AVAILABLE DATA Block Start
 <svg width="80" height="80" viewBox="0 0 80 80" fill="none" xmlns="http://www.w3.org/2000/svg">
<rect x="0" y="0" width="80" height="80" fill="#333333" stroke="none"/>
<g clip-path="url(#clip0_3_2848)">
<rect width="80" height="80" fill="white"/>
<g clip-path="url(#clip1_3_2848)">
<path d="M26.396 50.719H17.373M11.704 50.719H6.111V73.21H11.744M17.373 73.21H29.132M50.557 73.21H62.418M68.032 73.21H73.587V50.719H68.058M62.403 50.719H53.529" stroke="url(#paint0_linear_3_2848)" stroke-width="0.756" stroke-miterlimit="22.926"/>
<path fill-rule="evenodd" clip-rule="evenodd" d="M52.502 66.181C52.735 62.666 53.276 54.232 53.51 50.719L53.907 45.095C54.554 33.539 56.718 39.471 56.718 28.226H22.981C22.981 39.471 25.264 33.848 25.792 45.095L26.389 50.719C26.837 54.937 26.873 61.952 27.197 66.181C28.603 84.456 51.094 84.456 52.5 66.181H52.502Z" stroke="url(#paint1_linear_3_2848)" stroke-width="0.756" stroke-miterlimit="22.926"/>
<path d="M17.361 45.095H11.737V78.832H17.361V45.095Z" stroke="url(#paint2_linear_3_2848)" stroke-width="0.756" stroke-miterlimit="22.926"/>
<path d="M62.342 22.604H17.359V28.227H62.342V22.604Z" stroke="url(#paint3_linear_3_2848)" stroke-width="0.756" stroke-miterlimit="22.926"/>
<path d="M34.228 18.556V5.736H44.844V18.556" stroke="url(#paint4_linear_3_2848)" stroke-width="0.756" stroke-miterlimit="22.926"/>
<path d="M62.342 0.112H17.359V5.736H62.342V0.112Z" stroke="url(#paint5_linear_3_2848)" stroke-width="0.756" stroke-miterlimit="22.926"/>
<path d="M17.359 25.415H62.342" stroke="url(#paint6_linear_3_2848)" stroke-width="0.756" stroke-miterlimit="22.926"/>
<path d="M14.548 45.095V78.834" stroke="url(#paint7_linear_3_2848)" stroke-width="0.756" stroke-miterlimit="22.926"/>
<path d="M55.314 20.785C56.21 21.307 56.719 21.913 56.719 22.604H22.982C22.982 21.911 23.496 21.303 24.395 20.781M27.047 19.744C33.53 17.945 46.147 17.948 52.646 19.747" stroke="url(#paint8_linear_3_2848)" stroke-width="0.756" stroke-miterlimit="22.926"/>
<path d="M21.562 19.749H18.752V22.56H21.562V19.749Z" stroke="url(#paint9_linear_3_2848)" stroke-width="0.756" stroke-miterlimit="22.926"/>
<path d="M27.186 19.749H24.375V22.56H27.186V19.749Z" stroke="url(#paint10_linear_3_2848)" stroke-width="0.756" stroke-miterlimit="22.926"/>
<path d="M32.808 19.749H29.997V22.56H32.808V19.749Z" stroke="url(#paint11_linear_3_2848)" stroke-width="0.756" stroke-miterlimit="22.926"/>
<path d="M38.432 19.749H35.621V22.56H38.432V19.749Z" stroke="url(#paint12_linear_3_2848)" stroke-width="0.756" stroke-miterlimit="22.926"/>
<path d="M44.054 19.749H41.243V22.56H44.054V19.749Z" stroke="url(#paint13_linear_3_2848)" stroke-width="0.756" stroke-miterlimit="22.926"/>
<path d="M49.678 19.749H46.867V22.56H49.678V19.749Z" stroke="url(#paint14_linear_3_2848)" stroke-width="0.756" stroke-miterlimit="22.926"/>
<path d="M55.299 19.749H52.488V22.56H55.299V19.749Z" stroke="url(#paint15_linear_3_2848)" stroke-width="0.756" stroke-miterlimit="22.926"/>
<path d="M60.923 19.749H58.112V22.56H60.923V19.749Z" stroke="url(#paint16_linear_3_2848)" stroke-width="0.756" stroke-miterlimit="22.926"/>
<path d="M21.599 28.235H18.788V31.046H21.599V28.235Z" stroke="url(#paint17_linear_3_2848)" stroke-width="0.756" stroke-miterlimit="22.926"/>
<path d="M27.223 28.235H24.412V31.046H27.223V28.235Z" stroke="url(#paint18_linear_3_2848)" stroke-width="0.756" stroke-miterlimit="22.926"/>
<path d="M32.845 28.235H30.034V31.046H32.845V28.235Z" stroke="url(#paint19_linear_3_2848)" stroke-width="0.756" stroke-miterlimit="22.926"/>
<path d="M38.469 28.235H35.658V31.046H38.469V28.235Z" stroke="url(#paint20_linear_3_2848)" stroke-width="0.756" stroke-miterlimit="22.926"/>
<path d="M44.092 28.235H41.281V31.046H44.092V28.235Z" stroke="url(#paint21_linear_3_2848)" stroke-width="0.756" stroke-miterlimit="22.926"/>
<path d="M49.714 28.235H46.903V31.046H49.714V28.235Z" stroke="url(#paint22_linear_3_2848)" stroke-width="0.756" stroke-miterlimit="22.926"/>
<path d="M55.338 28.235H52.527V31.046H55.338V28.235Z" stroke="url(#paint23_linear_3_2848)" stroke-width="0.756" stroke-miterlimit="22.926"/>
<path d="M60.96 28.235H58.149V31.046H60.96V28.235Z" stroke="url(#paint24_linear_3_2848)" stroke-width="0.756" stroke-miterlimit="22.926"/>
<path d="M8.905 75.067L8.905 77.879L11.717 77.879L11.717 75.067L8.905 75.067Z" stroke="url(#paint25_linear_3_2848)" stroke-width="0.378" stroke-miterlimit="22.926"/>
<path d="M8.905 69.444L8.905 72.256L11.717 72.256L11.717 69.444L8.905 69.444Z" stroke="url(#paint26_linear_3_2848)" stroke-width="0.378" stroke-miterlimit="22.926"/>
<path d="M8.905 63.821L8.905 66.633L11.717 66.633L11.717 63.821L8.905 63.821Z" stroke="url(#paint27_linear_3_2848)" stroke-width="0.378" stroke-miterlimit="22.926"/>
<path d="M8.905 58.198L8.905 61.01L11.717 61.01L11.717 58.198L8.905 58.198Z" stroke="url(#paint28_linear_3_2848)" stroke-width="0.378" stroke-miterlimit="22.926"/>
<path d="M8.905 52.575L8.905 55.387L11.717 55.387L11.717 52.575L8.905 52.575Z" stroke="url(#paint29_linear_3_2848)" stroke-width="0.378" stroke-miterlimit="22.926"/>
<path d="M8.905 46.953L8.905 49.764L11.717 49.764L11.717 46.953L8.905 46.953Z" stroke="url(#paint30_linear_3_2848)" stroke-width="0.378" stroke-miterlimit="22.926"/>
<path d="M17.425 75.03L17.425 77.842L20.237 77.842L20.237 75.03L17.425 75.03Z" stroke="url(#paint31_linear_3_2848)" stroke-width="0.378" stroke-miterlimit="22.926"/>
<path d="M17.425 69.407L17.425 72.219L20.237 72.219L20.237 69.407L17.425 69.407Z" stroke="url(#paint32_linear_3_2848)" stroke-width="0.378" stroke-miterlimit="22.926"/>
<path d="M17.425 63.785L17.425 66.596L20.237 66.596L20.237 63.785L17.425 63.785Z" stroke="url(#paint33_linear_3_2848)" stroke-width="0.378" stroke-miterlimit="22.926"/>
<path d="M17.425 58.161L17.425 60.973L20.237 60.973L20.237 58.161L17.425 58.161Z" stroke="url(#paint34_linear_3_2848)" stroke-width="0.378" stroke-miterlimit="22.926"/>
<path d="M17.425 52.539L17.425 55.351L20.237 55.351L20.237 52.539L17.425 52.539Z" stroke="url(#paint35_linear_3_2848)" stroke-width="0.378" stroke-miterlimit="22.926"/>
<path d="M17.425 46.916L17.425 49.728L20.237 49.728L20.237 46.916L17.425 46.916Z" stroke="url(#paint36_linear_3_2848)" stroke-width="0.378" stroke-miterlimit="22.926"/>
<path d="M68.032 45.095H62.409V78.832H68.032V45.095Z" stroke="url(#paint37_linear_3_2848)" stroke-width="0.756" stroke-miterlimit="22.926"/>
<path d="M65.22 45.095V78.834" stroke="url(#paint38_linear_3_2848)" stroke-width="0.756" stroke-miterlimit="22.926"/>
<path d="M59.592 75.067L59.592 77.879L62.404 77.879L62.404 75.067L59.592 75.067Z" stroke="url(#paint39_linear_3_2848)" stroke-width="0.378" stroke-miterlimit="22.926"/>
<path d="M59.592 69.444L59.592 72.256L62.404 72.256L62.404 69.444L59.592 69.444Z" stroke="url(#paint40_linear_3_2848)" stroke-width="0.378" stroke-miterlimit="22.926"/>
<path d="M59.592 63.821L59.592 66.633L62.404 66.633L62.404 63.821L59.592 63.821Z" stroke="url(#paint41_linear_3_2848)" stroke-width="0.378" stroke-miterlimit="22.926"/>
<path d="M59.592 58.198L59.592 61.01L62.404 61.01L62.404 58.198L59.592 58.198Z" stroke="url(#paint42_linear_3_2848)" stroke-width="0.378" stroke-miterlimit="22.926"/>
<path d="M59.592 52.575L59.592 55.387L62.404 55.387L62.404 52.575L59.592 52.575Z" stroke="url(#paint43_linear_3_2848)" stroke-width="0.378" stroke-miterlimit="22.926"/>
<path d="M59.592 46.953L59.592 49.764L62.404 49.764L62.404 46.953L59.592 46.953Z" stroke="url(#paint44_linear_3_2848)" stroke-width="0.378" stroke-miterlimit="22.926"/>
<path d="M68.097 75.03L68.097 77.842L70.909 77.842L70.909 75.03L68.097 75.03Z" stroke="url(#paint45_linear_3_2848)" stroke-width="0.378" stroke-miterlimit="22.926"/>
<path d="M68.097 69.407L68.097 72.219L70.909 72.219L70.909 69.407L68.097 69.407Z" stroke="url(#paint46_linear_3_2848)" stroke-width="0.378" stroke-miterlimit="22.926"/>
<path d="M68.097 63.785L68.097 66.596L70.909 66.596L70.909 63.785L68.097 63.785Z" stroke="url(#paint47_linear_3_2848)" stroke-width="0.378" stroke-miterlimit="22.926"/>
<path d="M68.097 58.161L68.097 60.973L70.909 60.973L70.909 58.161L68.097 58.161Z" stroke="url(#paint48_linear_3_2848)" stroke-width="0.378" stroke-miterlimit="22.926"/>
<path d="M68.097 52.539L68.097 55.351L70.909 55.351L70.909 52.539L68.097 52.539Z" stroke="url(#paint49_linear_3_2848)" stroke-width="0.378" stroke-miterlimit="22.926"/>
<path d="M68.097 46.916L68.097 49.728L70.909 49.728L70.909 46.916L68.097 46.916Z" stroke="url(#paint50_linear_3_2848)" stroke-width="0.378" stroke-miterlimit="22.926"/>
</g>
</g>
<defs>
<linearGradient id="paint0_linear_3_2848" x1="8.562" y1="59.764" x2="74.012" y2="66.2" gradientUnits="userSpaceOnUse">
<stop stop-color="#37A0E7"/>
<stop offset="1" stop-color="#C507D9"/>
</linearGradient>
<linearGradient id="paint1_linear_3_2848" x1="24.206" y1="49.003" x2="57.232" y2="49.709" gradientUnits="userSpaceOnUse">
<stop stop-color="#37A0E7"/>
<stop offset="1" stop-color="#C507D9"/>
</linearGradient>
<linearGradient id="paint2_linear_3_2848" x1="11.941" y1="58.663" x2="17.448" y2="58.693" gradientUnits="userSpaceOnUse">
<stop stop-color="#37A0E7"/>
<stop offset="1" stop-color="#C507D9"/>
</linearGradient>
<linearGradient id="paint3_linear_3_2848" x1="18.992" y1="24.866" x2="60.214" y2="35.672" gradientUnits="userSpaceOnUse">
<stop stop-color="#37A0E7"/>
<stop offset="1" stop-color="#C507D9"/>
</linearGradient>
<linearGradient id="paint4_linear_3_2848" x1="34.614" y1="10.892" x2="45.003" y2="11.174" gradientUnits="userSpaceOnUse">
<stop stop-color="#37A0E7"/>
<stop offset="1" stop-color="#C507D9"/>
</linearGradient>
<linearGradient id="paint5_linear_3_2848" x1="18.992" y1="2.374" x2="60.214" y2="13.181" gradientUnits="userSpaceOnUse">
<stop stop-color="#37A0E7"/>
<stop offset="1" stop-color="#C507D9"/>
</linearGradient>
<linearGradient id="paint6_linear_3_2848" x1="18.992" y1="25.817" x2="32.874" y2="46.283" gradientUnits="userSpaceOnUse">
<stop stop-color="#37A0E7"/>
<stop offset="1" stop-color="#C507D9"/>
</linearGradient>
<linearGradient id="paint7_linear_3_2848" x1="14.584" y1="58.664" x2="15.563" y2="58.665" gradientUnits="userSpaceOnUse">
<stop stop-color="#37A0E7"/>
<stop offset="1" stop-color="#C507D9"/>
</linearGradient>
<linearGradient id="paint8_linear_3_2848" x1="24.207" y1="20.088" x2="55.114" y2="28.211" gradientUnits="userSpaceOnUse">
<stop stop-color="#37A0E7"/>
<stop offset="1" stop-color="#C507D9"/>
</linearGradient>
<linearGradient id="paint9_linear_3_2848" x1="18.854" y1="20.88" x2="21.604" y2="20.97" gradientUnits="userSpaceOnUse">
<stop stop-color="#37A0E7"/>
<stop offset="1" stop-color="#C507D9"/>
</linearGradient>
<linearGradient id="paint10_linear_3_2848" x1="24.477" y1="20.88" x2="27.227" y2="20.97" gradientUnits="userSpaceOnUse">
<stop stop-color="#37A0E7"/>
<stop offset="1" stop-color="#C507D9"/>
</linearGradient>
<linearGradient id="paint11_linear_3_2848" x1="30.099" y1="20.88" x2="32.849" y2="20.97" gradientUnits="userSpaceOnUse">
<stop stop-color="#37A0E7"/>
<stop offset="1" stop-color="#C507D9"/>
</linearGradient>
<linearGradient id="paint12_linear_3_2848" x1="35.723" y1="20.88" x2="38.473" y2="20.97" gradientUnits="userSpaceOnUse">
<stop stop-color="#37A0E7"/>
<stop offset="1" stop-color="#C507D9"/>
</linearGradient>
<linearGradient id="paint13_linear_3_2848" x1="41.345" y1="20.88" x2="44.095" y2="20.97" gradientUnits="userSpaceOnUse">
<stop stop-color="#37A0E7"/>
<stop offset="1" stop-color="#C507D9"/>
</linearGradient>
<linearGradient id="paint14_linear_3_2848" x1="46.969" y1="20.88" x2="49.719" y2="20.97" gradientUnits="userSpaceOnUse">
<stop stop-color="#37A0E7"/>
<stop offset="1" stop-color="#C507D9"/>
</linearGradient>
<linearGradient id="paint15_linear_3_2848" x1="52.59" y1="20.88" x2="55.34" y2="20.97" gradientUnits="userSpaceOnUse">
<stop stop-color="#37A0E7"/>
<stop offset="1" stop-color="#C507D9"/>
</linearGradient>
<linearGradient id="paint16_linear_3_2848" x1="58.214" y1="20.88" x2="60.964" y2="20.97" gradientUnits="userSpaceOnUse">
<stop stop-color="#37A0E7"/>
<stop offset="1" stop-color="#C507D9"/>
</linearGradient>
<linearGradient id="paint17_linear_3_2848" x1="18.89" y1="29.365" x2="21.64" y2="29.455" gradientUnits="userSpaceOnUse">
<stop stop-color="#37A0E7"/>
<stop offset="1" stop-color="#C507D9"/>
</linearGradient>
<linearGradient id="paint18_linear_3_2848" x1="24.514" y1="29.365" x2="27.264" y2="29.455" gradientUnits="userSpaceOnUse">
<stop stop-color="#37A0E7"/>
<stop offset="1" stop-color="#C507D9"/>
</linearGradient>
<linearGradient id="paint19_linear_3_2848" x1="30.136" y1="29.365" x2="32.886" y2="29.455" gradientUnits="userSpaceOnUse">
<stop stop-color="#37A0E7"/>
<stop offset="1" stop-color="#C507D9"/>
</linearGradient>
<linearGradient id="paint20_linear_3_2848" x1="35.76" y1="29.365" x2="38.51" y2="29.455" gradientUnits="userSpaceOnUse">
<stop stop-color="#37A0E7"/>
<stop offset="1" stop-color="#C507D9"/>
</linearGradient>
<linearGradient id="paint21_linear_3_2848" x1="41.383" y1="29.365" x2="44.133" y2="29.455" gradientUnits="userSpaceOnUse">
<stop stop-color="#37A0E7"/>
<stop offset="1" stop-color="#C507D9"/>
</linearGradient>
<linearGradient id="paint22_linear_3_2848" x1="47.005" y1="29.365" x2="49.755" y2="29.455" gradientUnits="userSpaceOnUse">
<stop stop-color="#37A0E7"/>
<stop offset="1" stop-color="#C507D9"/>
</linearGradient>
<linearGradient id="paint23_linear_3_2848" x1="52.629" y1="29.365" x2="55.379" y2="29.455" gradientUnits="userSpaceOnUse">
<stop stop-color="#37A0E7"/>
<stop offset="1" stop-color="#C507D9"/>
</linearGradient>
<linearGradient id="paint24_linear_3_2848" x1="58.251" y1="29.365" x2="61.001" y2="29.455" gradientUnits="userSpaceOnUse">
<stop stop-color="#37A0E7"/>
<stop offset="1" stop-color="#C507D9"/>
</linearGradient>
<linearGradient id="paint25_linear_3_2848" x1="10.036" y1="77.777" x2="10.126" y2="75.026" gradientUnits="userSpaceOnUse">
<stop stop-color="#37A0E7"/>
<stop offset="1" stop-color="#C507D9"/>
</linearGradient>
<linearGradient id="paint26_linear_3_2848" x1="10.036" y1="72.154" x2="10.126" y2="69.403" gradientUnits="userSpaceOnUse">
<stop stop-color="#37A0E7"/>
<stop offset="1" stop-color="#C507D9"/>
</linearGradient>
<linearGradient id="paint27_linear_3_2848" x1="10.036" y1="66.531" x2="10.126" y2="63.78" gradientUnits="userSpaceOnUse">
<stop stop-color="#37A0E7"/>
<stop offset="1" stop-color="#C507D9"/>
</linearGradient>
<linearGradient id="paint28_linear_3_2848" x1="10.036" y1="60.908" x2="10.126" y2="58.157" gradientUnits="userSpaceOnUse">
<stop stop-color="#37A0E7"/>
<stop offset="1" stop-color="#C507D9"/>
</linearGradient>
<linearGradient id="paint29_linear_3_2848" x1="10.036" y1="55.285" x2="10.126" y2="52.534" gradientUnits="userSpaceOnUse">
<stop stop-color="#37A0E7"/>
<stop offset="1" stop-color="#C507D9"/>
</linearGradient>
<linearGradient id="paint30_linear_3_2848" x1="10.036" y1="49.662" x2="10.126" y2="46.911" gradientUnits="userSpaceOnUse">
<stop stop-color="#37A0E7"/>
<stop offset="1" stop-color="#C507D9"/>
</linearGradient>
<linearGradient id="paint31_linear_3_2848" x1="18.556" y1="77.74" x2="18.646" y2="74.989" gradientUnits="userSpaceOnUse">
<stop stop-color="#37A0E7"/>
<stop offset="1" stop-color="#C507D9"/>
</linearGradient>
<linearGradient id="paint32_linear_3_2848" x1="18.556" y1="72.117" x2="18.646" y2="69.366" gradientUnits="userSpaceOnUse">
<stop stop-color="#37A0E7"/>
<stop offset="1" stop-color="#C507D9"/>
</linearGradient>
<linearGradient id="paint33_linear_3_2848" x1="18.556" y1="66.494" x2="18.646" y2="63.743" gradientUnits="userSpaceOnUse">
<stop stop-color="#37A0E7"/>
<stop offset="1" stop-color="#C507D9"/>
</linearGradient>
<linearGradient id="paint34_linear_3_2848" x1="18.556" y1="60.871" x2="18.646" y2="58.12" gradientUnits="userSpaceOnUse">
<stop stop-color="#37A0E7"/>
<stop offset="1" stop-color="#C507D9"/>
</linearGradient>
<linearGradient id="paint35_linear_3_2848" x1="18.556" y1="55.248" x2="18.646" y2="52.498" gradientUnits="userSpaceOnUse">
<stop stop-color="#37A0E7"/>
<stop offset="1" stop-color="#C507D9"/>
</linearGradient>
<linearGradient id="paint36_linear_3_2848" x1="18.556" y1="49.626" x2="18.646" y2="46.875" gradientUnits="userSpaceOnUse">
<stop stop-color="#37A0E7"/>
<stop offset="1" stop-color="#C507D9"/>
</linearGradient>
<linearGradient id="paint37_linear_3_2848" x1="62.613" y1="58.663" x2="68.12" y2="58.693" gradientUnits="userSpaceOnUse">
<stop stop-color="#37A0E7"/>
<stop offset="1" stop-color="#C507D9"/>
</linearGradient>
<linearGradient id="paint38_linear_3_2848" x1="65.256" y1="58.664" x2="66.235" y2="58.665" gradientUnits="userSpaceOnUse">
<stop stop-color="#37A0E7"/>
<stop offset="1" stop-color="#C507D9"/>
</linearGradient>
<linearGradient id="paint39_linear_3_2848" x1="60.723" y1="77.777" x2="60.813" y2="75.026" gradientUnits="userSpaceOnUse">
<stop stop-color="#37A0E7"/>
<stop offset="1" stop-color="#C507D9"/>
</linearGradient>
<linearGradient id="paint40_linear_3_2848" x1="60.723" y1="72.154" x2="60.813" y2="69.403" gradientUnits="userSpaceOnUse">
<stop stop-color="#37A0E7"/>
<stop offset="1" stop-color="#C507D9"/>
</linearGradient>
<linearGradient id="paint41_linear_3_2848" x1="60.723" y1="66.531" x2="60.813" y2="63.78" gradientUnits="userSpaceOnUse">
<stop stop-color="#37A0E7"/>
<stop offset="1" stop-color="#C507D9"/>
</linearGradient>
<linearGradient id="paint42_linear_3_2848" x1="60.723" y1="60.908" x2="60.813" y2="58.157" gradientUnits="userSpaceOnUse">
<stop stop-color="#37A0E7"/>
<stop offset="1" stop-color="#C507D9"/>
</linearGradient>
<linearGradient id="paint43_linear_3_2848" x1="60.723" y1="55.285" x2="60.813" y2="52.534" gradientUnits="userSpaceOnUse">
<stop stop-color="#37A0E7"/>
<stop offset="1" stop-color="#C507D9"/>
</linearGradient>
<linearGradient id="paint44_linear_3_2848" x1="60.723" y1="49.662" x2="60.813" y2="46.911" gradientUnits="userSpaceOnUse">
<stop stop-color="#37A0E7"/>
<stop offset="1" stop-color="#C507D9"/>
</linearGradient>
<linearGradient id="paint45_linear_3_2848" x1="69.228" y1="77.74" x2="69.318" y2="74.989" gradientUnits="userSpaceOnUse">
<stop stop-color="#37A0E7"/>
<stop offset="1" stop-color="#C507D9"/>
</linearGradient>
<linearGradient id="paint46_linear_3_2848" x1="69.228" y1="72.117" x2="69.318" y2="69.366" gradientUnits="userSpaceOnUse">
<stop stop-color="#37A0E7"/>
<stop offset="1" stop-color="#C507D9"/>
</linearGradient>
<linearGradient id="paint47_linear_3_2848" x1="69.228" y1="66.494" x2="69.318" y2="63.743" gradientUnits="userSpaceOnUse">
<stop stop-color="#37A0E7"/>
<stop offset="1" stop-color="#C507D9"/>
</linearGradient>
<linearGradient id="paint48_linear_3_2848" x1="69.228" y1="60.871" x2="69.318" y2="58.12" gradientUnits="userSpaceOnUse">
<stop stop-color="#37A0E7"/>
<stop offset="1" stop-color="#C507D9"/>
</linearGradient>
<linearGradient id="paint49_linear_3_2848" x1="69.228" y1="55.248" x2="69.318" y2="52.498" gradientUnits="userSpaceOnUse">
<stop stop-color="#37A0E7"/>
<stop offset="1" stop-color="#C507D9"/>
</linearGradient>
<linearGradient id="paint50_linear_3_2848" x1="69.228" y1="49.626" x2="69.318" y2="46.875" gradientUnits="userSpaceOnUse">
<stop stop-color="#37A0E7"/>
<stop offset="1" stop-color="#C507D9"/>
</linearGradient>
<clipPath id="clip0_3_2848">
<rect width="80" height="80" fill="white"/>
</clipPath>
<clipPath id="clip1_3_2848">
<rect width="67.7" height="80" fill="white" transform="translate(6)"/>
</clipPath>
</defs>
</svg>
AVAILABLE DATA Block End
■ WORK ORDER ■
From the listing above, the lines starting with the one that has "63.785L17.425 66.596L20.237 66.596L20.237" and running through the one that has "46.916L17.425 49.728L20.237 49.728L20.237" should be copied exactly, ends included.

■ RESPONSE TO THE EXERCISE ■
<path d="M17.425 63.785L17.425 66.596L20.237 66.596L20.237 63.785L17.425 63.785Z" stroke="url(#paint33_linear_3_2848)" stroke-width="0.378" stroke-miterlimit="22.926"/>
<path d="M17.425 58.161L17.425 60.973L20.237 60.973L20.237 58.161L17.425 58.161Z" stroke="url(#paint34_linear_3_2848)" stroke-width="0.378" stroke-miterlimit="22.926"/>
<path d="M17.425 52.539L17.425 55.351L20.237 55.351L20.237 52.539L17.425 52.539Z" stroke="url(#paint35_linear_3_2848)" stroke-width="0.378" stroke-miterlimit="22.926"/>
<path d="M17.425 46.916L17.425 49.728L20.237 49.728L20.237 46.916L17.425 46.916Z" stroke="url(#paint36_linear_3_2848)" stroke-width="0.378" stroke-miterlimit="22.926"/>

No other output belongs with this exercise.